Specifically, the invention is of advantage when used with the high speed solenoid valve described in our copending application GB 0203439.5.

Claims

1. A print head comprising a rotatable print array comprising a plurality of print valves, a valve control means in communication with the print array a pulse generating means, in use generating a regular sequence of pulse signals and means for rotating, in use, the print array to a predetermined rotation;

the valve control means comprising:

one or more data input lines to receive print data;

memory means comprising an array of memory locations to store the received print data, one dimension of the array of memory locations being associated with the plurality of print valves of the rotatable print array and the other dimension of the array of memory locations being associated with a plurality of pre-determined time periods; and

processing means to process the stored print data, wherein the processing means, in use,

(a) processes the print data in accordance with the predetermined rotation of the rotatable print array;

(b) divides the print data into a plurality of sub-elements, each print data sub-element being associated with a respective print valve and a respective pre-determined time period;

(c) writes each print data sub-element to the memory location associated with the respective print valve and the respective pre-determined time period;

(d) sequentially reads one or More print data sub-elements from the memory locations associated with one pre-determined time period;

(e) activates the respective print valves associated with the one or more print data sub-elements read in step (d);

characterised in that step (d) is repeated for a subsequent pre-determined time period for each pulse generated by the pulse generating means.
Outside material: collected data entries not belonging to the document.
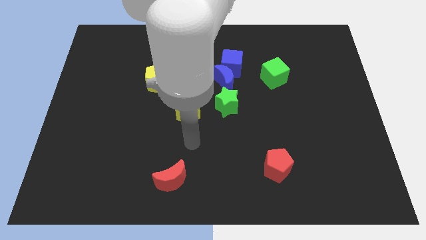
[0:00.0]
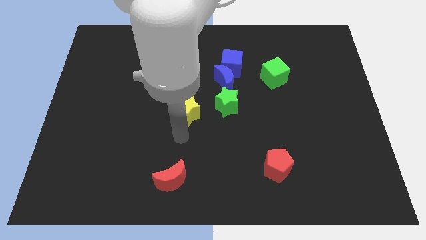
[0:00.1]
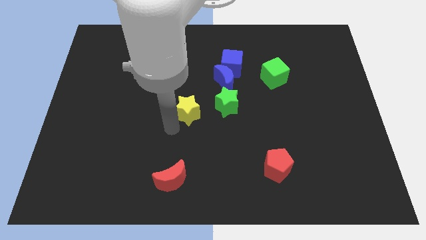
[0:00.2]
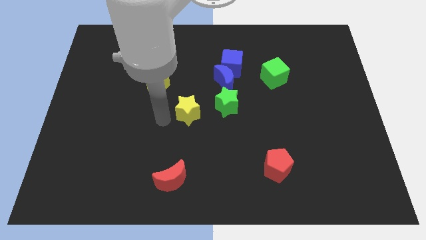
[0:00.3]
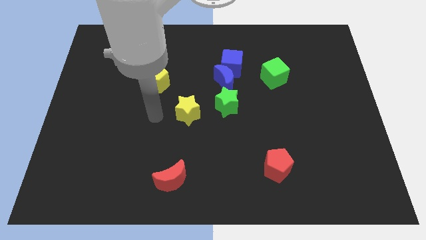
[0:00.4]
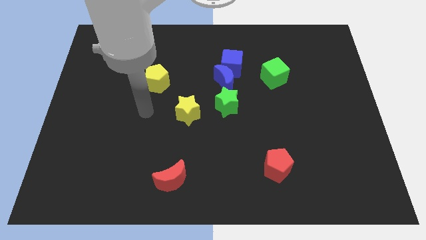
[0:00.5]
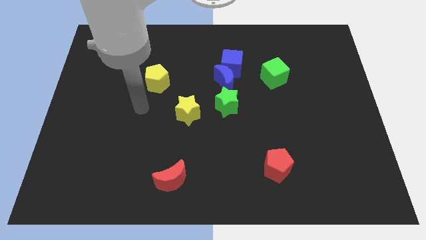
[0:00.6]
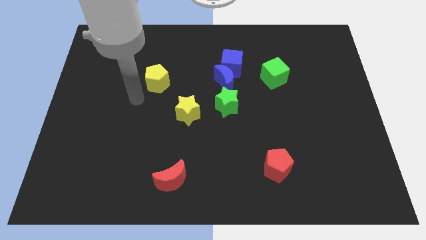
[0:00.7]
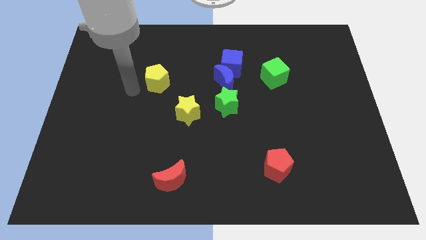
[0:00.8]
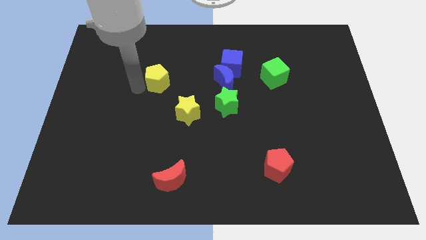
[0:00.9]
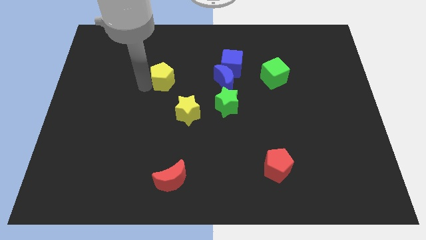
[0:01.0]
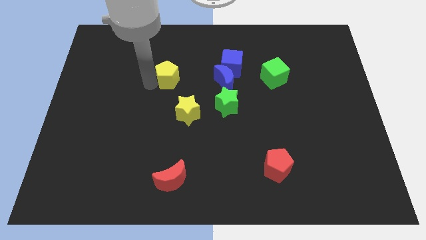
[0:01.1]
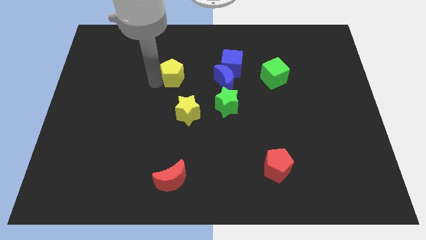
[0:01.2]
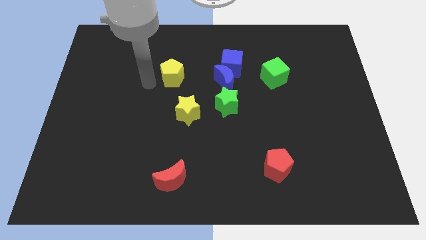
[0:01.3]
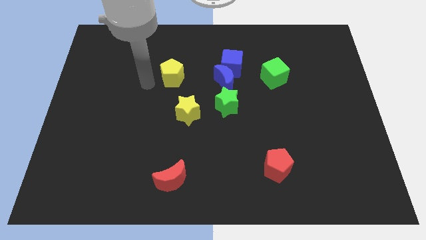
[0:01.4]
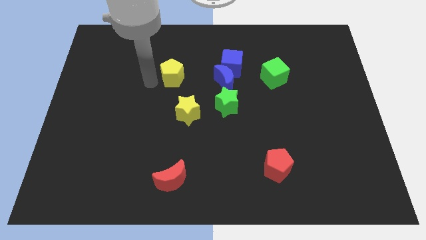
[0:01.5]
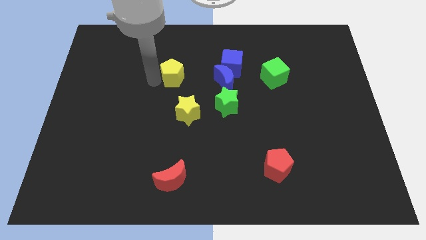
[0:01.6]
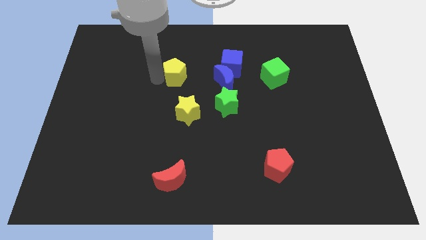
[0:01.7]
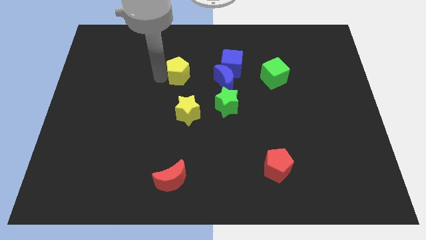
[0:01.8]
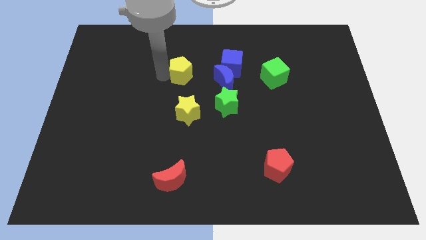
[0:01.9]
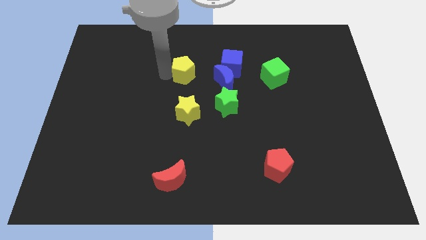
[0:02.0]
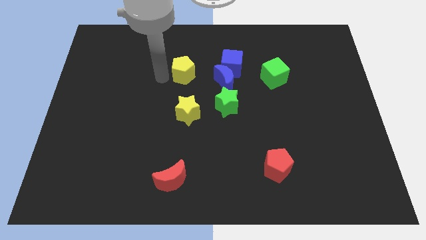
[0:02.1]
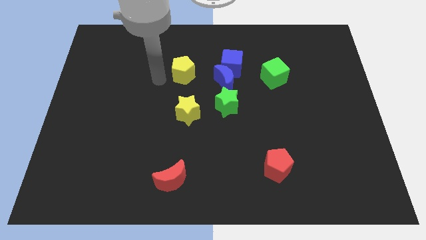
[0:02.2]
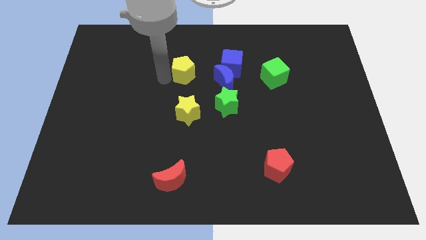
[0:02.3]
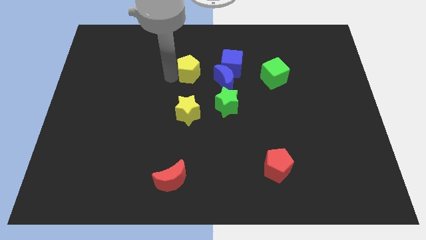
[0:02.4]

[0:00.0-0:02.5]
slide the yellow pentagon to the top left of the blue moon

2. A print head according to claim 1, wherein the processing means, in use;

(f) overwrites the memory locations read during step (d) after the activation of the print valves in step (e).

3. A method of printing an image with a print head comprising a rotatable print array comprising a plurality of print valves, the method comprising the steps of:

(a) rotating the print head to a predetermined rotation;

(b) generating a regular sequence of pulse signals;

(c) generating a raster signal representing the image to be printed;

(d) dividing the raster signal into a plurality of sub-elements;

(e) writing each raster signal sub-element into memory means comprising an array of memory locations to store the received print data, one dimension of the array of memory locations being associated with the plurality of print valves of the rotatable print array and the other dimension of the array of memory locations being associated with a plurality of pre-determined time periods;

(f) sequentially reading each raster signal sub-element from the memory locations associated with one pre-determined time period; and

(g) activating the respective print valves associated with each raster signal sub-element read in step (f);

characterized in that step (f) is repeated for a subsequent pre-determined time period for each pulse generated by the pulse generating means.

4. A method according to any of claims 8 to 12, wherein the method comprises the further step of

(q) over-writing the memory locations following the reading of the se raster signal sub-elements.